Exercise instructions: Word for word, copy the line that contains "Answer: baseline" and each line after it in the data below. Pictures stay out of the copy.

Data records:
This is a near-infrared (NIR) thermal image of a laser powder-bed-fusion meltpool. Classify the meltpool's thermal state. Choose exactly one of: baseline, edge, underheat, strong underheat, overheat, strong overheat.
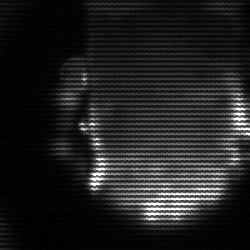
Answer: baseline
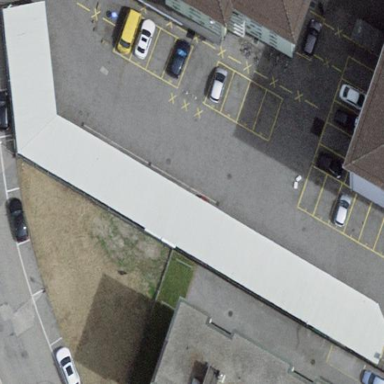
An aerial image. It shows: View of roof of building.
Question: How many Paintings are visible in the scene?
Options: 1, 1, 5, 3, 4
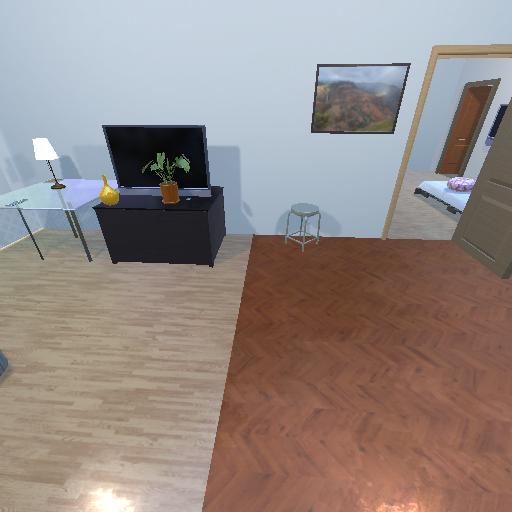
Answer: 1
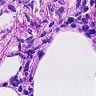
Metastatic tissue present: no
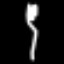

Exercise solution:
Answer: baseline
An aerial image. It shows: View of roof of building.
Question: How many Paintings are visible in the scene?
Options: 1, 1, 5, 3, 4
Answer: 1
Metastatic tissue present: no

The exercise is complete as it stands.